Neuraxial anesthesia
Neuraxial anesthesia is contraindicated in all but mild disease due to the risk of decreased systemic vascular resistance leading to decreased diastolic blood pressure and reduced myocardial perfusion
Postoperative management
Patients with significant disease may require close postoperative monitoring to quickly identify and manage any hemodynamic instability.
Related surgical procedures
Pathophysiology
In aortic stenosis, the opening of the aortic valve is narrowed, typically due to calcification from tissue damage over time. The most common cause is valve degeneration in older patients, though stenosis may develop in younger patients with a bicuspid aortic valve. It is thought that stenosis results from inflammation due to endothelial cell damage from increased mechanical stress.
As aortic stenosis progresses, higher pressures must be generated by the left ventricle to maintain cardiac output. This initially leads to the development of concentric left ventricular hypertrophy, thereby increasing myocardial oxygen requirement.
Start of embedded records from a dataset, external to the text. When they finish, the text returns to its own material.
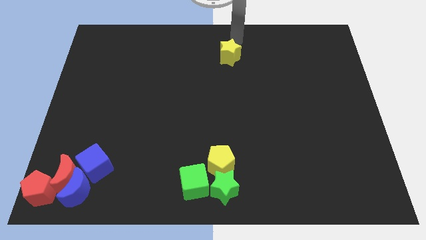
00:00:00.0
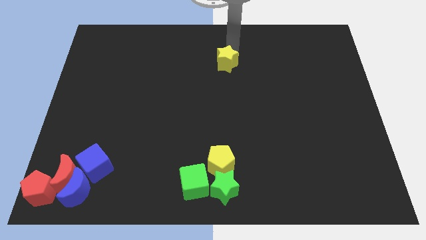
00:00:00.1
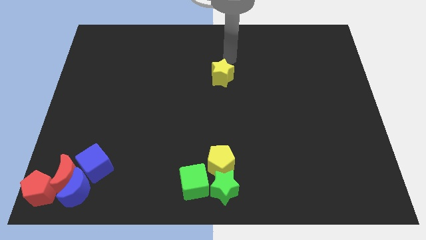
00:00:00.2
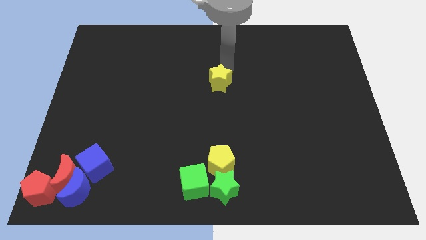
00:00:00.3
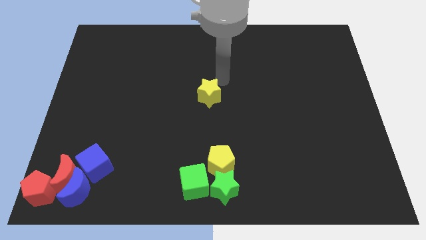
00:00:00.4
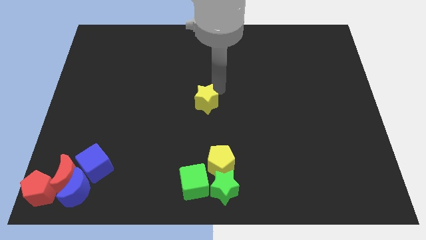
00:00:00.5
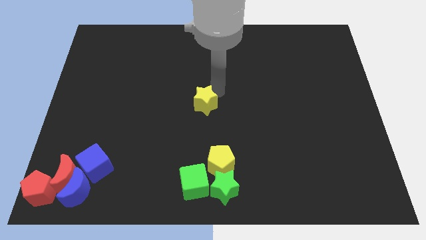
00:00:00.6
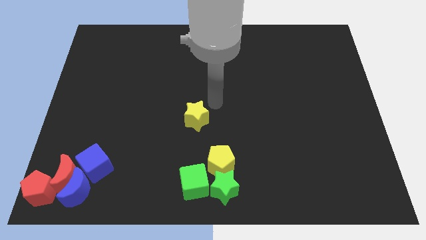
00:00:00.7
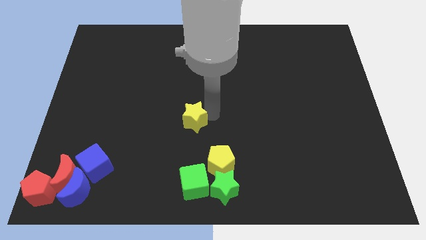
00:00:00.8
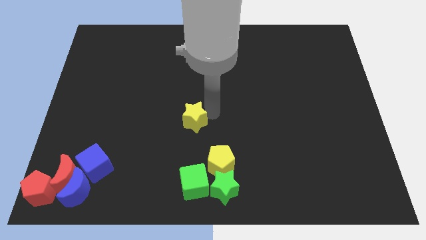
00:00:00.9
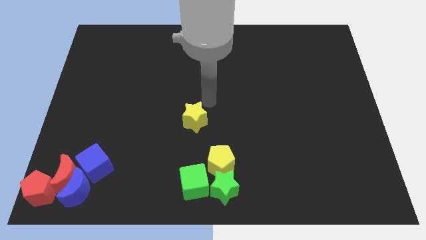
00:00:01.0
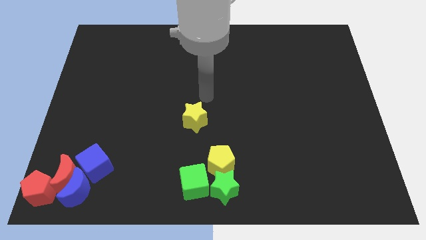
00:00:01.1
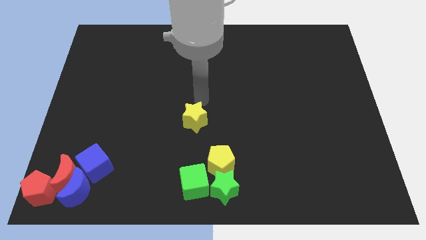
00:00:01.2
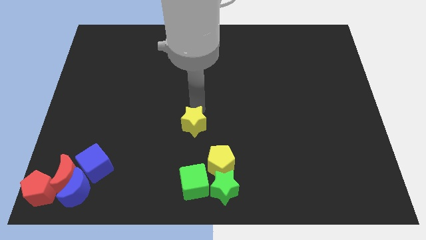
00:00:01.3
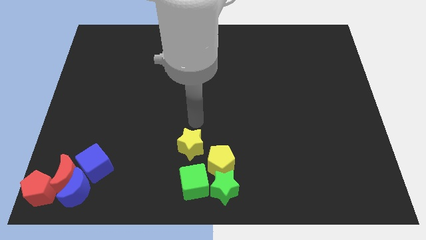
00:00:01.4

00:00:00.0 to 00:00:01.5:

In later stages of the disease, the left ventricle dilates and the ventricular walls thin, resulting in reduced systolic function.
Signs and symptoms
Signs
- Slow/late peripheral pulses (pulsus parvus et tardus)
- Harsh systolic crescendo-decrescendo murmur
- Best auscultated at the right upper sternal border at the 2nd intercostal space
- May radiate to both carotids
- Decreased intensity of the second heart sound (A2)
Symptoms
- Angina
- Decreased exercise tolerance
- Dyspnea
- Syncope
- Symptoms of congestive heart failure
Diagnosis
Severity of aortic stenosis | ||
---|---|---|
Degree | Mean gradient (mmHg) |
Aortic valve area (cm2) |
Mild | <25 | >1.5 |
Moderate | 25 - 40 | 1.0 - 1.5 |
Severe | >40 | < 1.0 |
Very severe | >70 | < 0.6 |
Aortic stenosis may be initially suspected from the physical exam findings described above. Definitive diagnosis and classification of disease severity can be determined using echocardiography or heart catheterization.
Treatment
Medication
In general, medication has poor efficacy in the treatment of aortic stenosis. However, medical therapy is important to manage concomitant cardiac diseases such as heart failure, hypertension and symptoms such as angina.
Surgery
Severe symptomatic aortic stenosis is typically treated with aortic valve replacement. For patients who are poor candidates for surgical valve replacement, transcatheter aortic valve replacement is an alternative. Balloon valvuloplasty is can be effective in infants and children, but has limited efficacy in adults since the valve generally returns to a stenosed state.
Prognosis
Untreated severe symptomatic aortic stenosis has a poor prognosis, with a 2-year survival rate of 50-60%. For patients who undergo valve replacement, life expectancy is about 5 years less than the general population for patients under 65, and similar to patients without aortic stenosis for patients over 65.